Lack of end-of-life support for patients
Resource type: News
Irish Examiner | [ View Original Source (opens in new window) ]
It found that hospital admissions through emergency departments negatively impact on patients who die in hospital and called for more planned admissions.
The Irish Hospice Foundation’s audit found significant differences in the assessments by doctors, nurses and relatives of care outcomes and the quality of deaths.
Doctors tend to underestimate the negative aspects of care; relatives tend to overestimate them, while nurses hold the middle ground, it found.
Denis Doherty of the Irish Hospice Foundation said almost every second death occurred in an acute hospital so the organisation had to question why more people did not have the right to die in a place of their choice.

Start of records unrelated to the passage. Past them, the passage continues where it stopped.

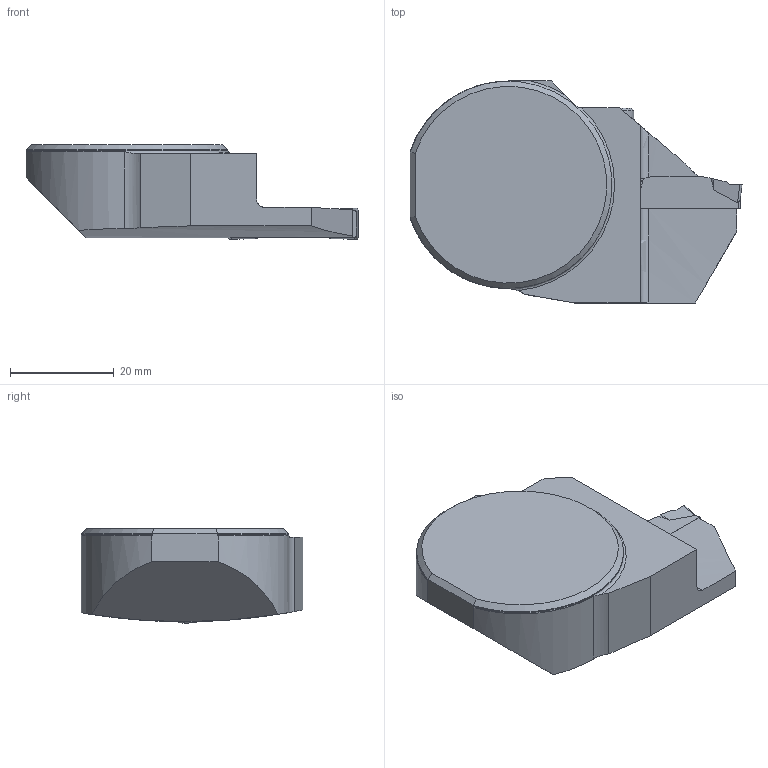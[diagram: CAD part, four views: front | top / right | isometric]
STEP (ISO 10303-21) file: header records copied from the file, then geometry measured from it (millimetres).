
FILE_DESCRIPTION(/* description */ (''),/* implementation_level */ '2;1');
FILE_NAME(/* name */ 'TOOLASSEMBLY_1.STP',/* time_stamp */ '2023-07-04T10:32:40+02:00',/* author */ (''),/* organization */ ('SMS'),/* preprocessor_version */ 'ST-DEVELOPER v16.7',/* originating_system */ 'SIEMENS PLM Software NX 12.0',/* authorisation */ '');
FILE_SCHEMA (('AUTOMOTIVE_DESIGN { 1 0 10303 214 3 1 1 1 }'));
Length unit declared in the file: millimetre
Products named in the file (4): ASSEMBLY_CONSTRUCTION; CUT_20230704103035; NOCUT_20230704102917; TOOLASSEMBLY_1
Assembly tree (3 placements, depth 2):
  TOOLASSEMBLY_1
    NOCUT_20230704102917
    CUT_20230704103035
    ASSEMBLY_CONSTRUCTION
Bounding box: 64.1 x 42.85 x 18.34 mm (x, y, z)
Volume: 28192.6 mm3; surface area: 7010.4 mm2
Topology: 2 solids, 2 shells, 74 faces, 204 edges, 139 vertices
Faces by surface type: plane 47, cylinder 16, cone 5, extrusion 4, torus 2
Entity records: 2789 total; most frequent: CARTESIAN_POINT 759, ORIENTED_EDGE 406, DIRECTION 385, EDGE_CURVE 203, VERTEX_POINT 134, AXIS2_PLACEMENT_3D 132, VECTOR 121, LINE 117
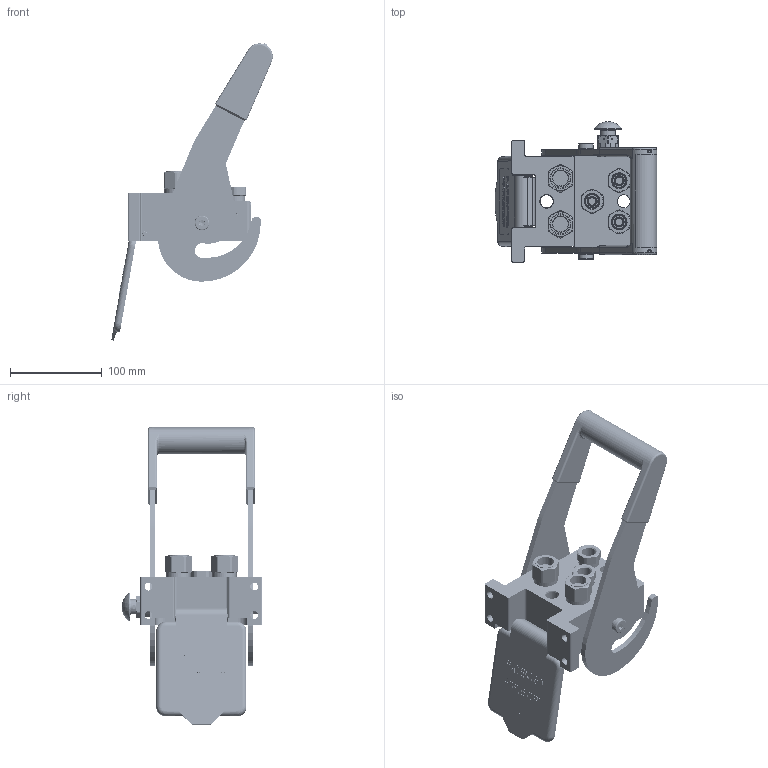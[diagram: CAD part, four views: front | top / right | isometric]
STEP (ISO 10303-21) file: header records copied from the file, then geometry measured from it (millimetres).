
FILE_DESCRIPTION (( 'STEP AP214' ), '1' );
FILE_NAME ('FASTER.step', '2024-10-08T06:27:34', ( '' ), ( '' ), 'SwSTEP 2.0', 'SolidWorks 2017', '' );
FILE_SCHEMA (( 'AUTOMOTIVE_DESIGN' ));
Length unit declared in the file: millimetre
Products named in the file (34): 4820_001_0004_000; 4132_072_0000_300; 4830_070_0000_001; 4121_014_0000_000; 4830_025_0000_001; 4830_013_3000_020; 4830_024_0009_000^4830_024_0009_000; CURS_MOLLA_38; et011; P5065_F_BASE; 2ffnb14-38gasf; 4830_025_2000_000; 2ffnb38-12gasf; 4830_001_0005_300; FASTER; 4830_024_0009_000; 4810_001_0001_014; 0048_317_1000_000; 4132_014_0000_000; nc000007; 4830_001_0005_301; sicura_p5; 4830_020_5001_000; 4830_025_1000_000; A_2ffnb14-38gasf; 0048_042_0412_000; curs_molla_14; 4121_072_0000_200; A_2ffnb38-12gasf; 4830_024_0009_001; 4830_022_0000_011; or1_5x7_m
Assembly tree (37 placements, depth 4):
  4830_024_0009_000^4830_024_0009_000
  FASTER
    P5065_F_BASE
      4830_020_5001_000
      4830_025_1000_000
      4830_022_0000_011
      4830_070_0000_001
      4830_013_3000_020  x2
      4810_001_0001_014
      4820_001_0004_000
      4830_001_0005_300
      4830_001_0005_301
      0048_317_1000_000  x2
    A_2ffnb38-12gasf  x2
      CURS_MOLLA_38
        4132_072_0000_300
        4132_014_0000_000
      2ffnb38-12gasf
        2ffnb38-12gasf
    A_2ffnb14-38gasf  x3
      curs_molla_14
        4121_014_0000_000
        4121_072_0000_200
      2ffnb14-38gasf
        2ffnb14-38gasf
    4830_024_0009_000
      sicura_p5
        4830_025_0000_001
        or1_5x7_m
        0048_042_0412_000
      4830_024_0009_001
      nc000007
      4830_025_2000_000
    et011
Bounding box: 175.89 x 153.38 x 323.63 mm (x, y, z)
Volume: 118823.8 mm3; surface area: 298723 mm2
Topology: 25 solids, 80 shells, 3770 faces, 9756 edges, 6214 vertices
Faces by surface type: plane 2067, cylinder 770, cone 324, bspline 318, torus 252, sphere 39
Entity records: 131964 total; most frequent: CARTESIAN_POINT 53292, ORIENTED_EDGE 15789, DIRECTION 14527, EDGE_CURVE 7984, LINE 5483, VECTOR 5483, VERTEX_POINT 5105, AXIS2_PLACEMENT_3D 4522

“An audit, of necessity, has to tell it like it is, and, while there are many good things indicated in the audit, it is fair to say that there are many issues which will give us cause for concern,” he said.

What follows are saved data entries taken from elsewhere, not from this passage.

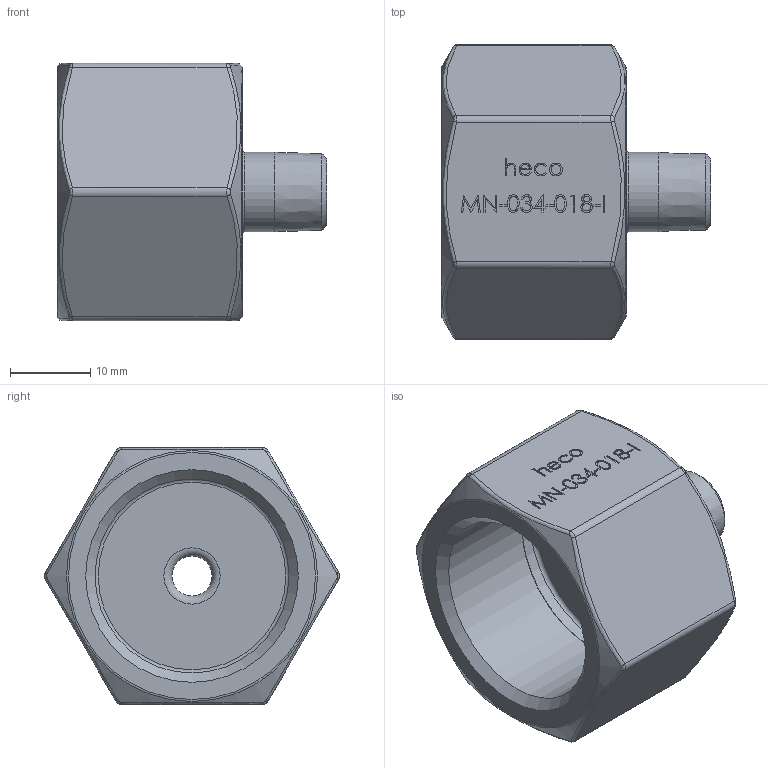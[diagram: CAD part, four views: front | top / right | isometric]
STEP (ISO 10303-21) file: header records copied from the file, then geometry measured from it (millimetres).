
FILE_DESCRIPTION (( 'STEP AP214' ), '1' );
FILE_NAME ('MN-034-018-I 2310.STEP', '2023-10-27T10:04:30', ( '' ), ( '' ), 'SwSTEP 2.0', 'SolidWorks 2019', '' );
FILE_SCHEMA (( 'AUTOMOTIVE_DESIGN' ));
Length unit declared in the file: millimetre
Products named in the file (1): MN-034-018-I 2310
Bounding box: 33.5 x 36.64 x 32 mm (x, y, z)
Volume: 13269.1 mm3; surface area: 5874.5 mm2
Topology: 1 solids, 1 shells, 237 faces, 598 edges, 389 vertices
Faces by surface type: plane 108, bspline 108, cylinder 10, torus 6, cone 5
Full cylindrical faces by diameter (mm): 5 x1, 9.884 x1, 24.117 x1, 24.317 x1
Entity records: 14644 total; most frequent: CARTESIAN_POINT 7594, ORIENTED_EDGE 1154, DIRECTION 664, EDGE_CURVE 577, VERTEX_POINT 383, VECTOR 318, LINE 318, EDGE_LOOP 280

The audit, led by social and economic research consultant, Dr Keiran McKeown, looked at 24 acute hospitals and 19 community hospitals. It says most hospital staff receive little or no preparation for different aspects of care at the end of life and there was a need for improving the quality of communications with patients.
The audit also identified a lack of clarity about the role of specialist palliative care services in acute hospitals. It says this role needs to be strengthened and expanded.
It found that the quality of dying in hospitals varied, depending on the patient’s disease. The range, from best to worse, is cancer, circulatory diseases, respiratory diseases and dementia/frailty.
The audit calls for the quality of care for cancer to be extended to all patients.
It found that a third of families who experienced a sudden death did not appear to have been properly informed of the reasons for a postmortem and were less than satisfied with the information provided by the hospital.
All of the hospitals involved in the audit will be preparing a development plan for end of life setting out how each hospital wishes to implement new quality standards also published yesterday by the Irish Hospice Foundation.
Both documents launched in Dublin yesterday were produced by the foundation in association with the Health Service Executive and with financial support from the Atlantic Philanthropies.